Second, the globalisation of production and exchange has changed many of the previous country-specific analyses that had been attempted by classical and neo-classical economists. Moreover, as the world economy has become more integrated, the problems in one major economy has a ripple effect on the rest of the world in immediate and profound ways, and economic policies in just one country cannot fully protect it from the ravages of capitalism elsewhere. Also, the frequency of monopoly capital's inborn tendency of periodic boom-bust cycles has only increased since its sudden appearance in the Great Depression of the 30s, and has become globalised. Though Keynes had only patched up that open wound with much insight and expertise, he couldn't offer any permanent solution to the problems inherent in capitalism itself, or ways in which it is manifesting itself today. 
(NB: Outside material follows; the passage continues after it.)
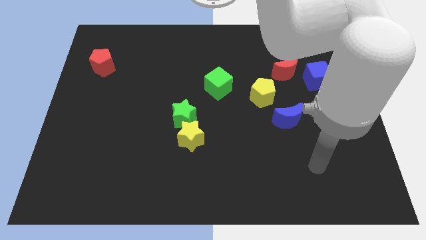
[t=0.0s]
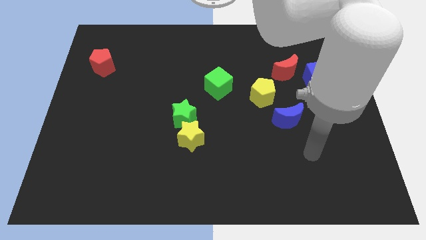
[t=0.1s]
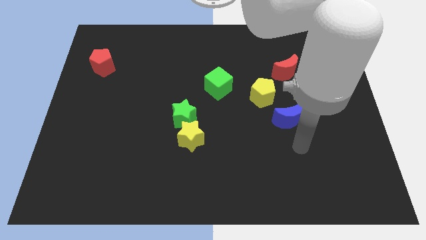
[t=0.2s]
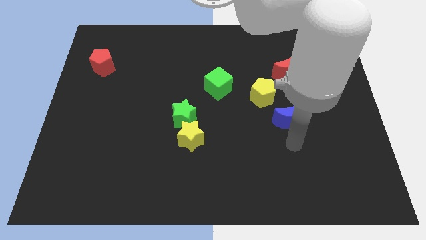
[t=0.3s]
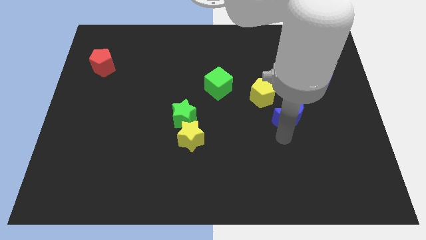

Third, modern capitalism has been unhinged from the "moral anchor" on which it had been originally based. Initially, capitalism had been considered to be an ethical system of market-oriented production and supply where free competition and transparent mechanisms were supposed to make the economy competitive, dynamic and fair. Moreover, there would be no coercion and the people would be free to make their own decisions about work, consumption and leisure. Now, workers are increasingly denied that choice. They are paid at progressively meagre rates, work is outsourced to countries where wages are cheaper and working conditions less safe, advertising can be manipulative and false, there is price-fixing and collusion, and the system is wilfully blind to environmental degradation unsustainable for the planet. The glitter of capitalism can sometimes blind us to its ugly realities. The pursuit of profits, fundamental to capitalism, has never been as ferocious, as insensitive, or as disruptive.

If we consider the recession of recent times, we see that there is very little sign of recovery in spite of massive transfer of wealth in the form of bail-outs from the taxpayers to the wealthy (which really translates into private profits at public risk, i.e., economic successes are enjoyed by individual capitalists, failures are borne by all citizens). After 50 years, Paul Sweezy and Paul Baran's predictions of monopoly capital's inborn pitfalls rooted in Marxian analysis of capital stand vindicated, while Samuelson and Arrow, the two famous neoclassical economists in the second half of the last century have been proven wrong. On the positive side, concerns about the crises inherent in monopoly capital, and all the havoc that it entails, has now entered the mainstream discourse. Bernie Sanders and Jeremy Corbyn are its political manifestation, while economists such as Krugman, Stiglitz, and Piketty are raising sharp and pertinent questions.

The broad lesson is simple - unbridled capitalism riding on the shoulders of unregulated laissez faire goes on accumulating thus, inevitably, turning monopolistic. And for preserving the control over this monopoly, and to satisfy its need for further profits, it must go on waging wars, and manufacturing enemies, foreign or domestic. One wonders if the war on terror or the aggressive attempts by the Pentagon to trigger a new cold war with Russia and China stem, at least partly, from this consideration. Does Eisenhower's warning of a military-industrial complex ring a bell?  

This piece is based on the editorial note of the Monthly Review Magazine's July-August 2016 issue.  

The writers are Professor Emeritus, Black Hills State University and Director of Gyantapas Abdur Razzaq Foundation, and a freedom fighter, researcher and author, respectively.